FraudLogix is one of the solutions that are suitable for an ad network, they only have an IP blacklist. In fact, the analysis is performed only by one criterion, which is not enough for a high-quality anti-fraud. In addition, the test scan marked with frod's absolutely normal addresses included in the list for checking false positives. The result is disappointing - low accuracy and just one criterion for analysis is clearly not the option that should be used to protect against fraud.
Kount - I can only say one thing about this system: a prepayment for a year in the amount of several hundred thousand dollars will not suit anyone. We, for example, did not fit.
So, there are only three systems that we could use. I will tell about each of them in more detail:
Forensiq is the loudest name on the list. It is often referred to in articles on anti-fraud. Perhaps my assessment will not be entirely correct, since I used the version integrated into the tracking system
Affise , but what I saw weakly pulls on "the best fraud protection system." The report comes in the form of a mark in front of each conversion indicating the level of risk: low, medium, high, and to the listing of suspicious criteria. The inability to somehow track the scoring algorithm and communicate with the representative of the system reduces the final score. I didn’t have any complaints about the quality of the assessment - there were no false positives, Forensiq correctly determined froders. By cons can be attributed to the relatively high cost estimates.
FraudShield is a very interesting option. Beautiful dashboards, ease of integration with HasOffers, the possibility of a free test for a month are all pretty pleasant factors. Customizing each of the criteria (for example, you can turn off checking for motivated traffic from incent-offers, or remove “white” partners from scanning) allows you to fine-tune the system to fit your needs and traffic. The support is very active in Skype, telling about the result of each test - what the system thought was suspicious, how it can be interpreted and seen in the reports, what should be changed in the settings for more accurate detection in the future. The price also does not bite. However, there is a fly in the ointment: customization of evaluation parameters harms the integrity of the report. If you make the level of "strictness" of the system too low, you can skip a lot of fraud, if it is too high, almost all traffic will fall under the filters. The system has enormous potential, but it needs some work.

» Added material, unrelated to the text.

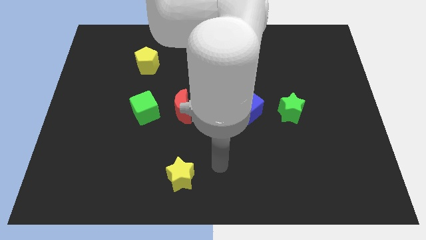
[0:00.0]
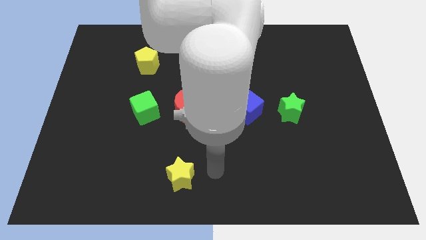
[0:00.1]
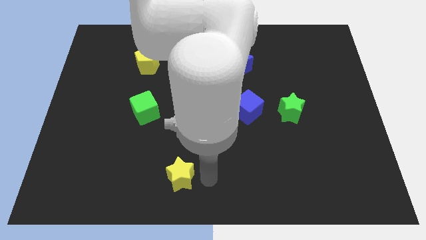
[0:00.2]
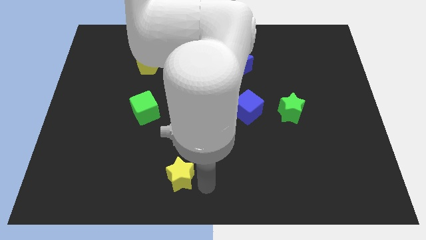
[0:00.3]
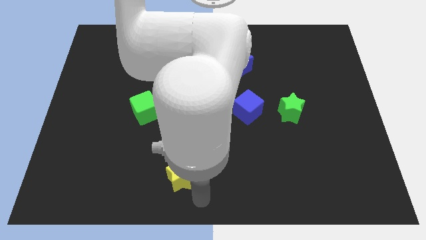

FraudScore - formerly known as Clearflow, is a favorite of the tests performed. During the test and use the system has established itself as the best of options. Unlike the aforementioned FraudShield, the settings cannot be customized here (perhaps this is the main drawback - you cannot exclude anyone from scanning), but this allows the analysis algorithm to be complete and accurate. It is also worth noting the responsiveness of the support, the presence of a self-learning system based on the neural network, as well as ease for perception. Also there is a constant testing and updating of algorithms, the author of the article was convinced of the effectiveness of himself. In general, our company chose this particular system and during the time of cooperation it remains satisfied with it.

Conclusion
Of course, this comparison is not the ultimate truth. For example, we could not verify systems using analysis through integration into the SDK of an application - simply because we are not application manufacturers. From the point of view of the advertiser and developer, these options may be more optimal. Nevertheless, the author was faced with the task of finding the optimal system for estimating the traffic of an advertising agency. And I can say that now it has become much easier to detect the intruder, as well as to show him the evidence of fraud.
I wish you success in the fight against fraud.